Feeding on civilians has a range of practical effects, both immediate – drain a shopkeeper and you may struggle to find upgrade materials for your trusty bonesaw and pistol – and long-term, as already-precarious communities unravel for want of a key support, shutting off certain possibilities while perhaps exposing others. Not all the characters are as crucial to society’s wellbeing as others, of course – one relatively ignoble example is Ichabod Drogmorton, a bewhiskered fop posing as a legendary vampire slayer – but there’s more to each than meets the eye. In Drogmorton’s case, you might undertake a few odd jobs for him, helping to distribute posters recounting his exploits, before deciding whether to make him your dinner. There’s always an element of calculation involved, because Reid can’t risk biting civilians in public – you’ll need to get each victim alone, which typically involves building trust by choosing the right responses in conversation, perhaps referring to a set of character bio screens that recall Frogware’s Sherlock Holmes series. If you have enough Willpower, an energy resource that compares to a Persuasion stat, you can also manipulate the subject’s mind to force them to tell the truth about something, or use hypnosis to lead your quarry away to a dark corner.

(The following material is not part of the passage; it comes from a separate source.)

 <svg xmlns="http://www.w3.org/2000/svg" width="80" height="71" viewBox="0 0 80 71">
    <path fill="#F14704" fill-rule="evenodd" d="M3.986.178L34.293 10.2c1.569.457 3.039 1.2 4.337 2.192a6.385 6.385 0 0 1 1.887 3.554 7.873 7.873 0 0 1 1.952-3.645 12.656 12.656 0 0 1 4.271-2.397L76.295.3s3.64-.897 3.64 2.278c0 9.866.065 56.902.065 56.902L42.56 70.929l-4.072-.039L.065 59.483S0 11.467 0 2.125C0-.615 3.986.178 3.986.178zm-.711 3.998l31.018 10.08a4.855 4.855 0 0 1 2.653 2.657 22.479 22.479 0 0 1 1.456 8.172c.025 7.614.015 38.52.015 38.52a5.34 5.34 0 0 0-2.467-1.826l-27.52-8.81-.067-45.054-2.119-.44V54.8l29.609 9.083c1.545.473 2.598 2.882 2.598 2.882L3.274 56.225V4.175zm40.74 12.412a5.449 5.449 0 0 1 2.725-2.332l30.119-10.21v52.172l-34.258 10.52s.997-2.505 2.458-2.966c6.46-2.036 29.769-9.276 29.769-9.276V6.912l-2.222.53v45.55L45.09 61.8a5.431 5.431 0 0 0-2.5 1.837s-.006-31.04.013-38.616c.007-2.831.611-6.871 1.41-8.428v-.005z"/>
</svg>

Vampirism has its downsides, naturally – you can only enter occupied buildings on invitation, for example, so breaking and entering isn’t an option. Narrative director Stéphane Beauverger has taken a pick-andmix approach to vampire lore, shifting the emphasis away from kooky B-movie transformations and towards the arts of persuasion and seduction. “We decided that our vampires have solid bodies, they can’t turn into fumes or bats, things like that,” he says. “The hero can see himself in a mirror. You can take a picture of him. Silver won’t do much damage to him.” Reid is no slouch as an infiltrator, however, able to warp through mid-air like Dishonored’s Corvo, and the environment is built to reward such feats of agility, extending from cellars and sewer mouths to rickety iron balconies and attics. The world will be largely closed off at the start of the game for the sake of tutoring players, with different areas becoming available as you develop your abilities and encounter – or devour – certain characters.

Vampyr

However you dispose of them, Vampyr’s assorted denizens seem deserving of contemplation. “The Great War is very important in terms of both scientific discoveries, but also social change – the birth of communism and feminism, the crumbling of the old British and French empires,” Beauverger says. “Some of our characters will be involved with all this on a personal level, and they’ll give you hints about how it was to be an Indian in London at the time, or a Chinese woman, or a Muslim, or a pauper who doesn’t have the right to enter some parts of the city.” It’s largely up to you when you choose to spill a civilian’s blood, so there’s the prospect of spending the entire story getting to know everybody on the map, painstakingly unearthing the threads that bind these lives together, before cutting a swathe through the populace in the final third.

We described Vampyr as a departure in E292, but in some ways this is more a work of consolidation for Dontnod, building on the studio’s proficiency with Epic’s Unreal Engine and tackling many of the same design questions as Life Is Strange and inaugural project Remember Me. The latter also saw players manipulating NPCs via arcane means while exploring modest urban playsets and cracking the odd skull, but it would’ve benefited by being less constrictive. In opting for a persistent, continuous environment, Vampyr is out to address this limitation even as its neighbourhood echoes the melancholy smalltown intimacy of Life Is Strange.

“None of us are saying, ‘If you like Life Is Strange, you’ll love Vampyr’ – we can’t say that,” Beauverger concedes. “But I certainly believe that somebody who appreciated the narrative aspect of Life Is Strange will find the same thing in Vampyr. The same tragedy, the same sadness. Vampires are sad creatures.”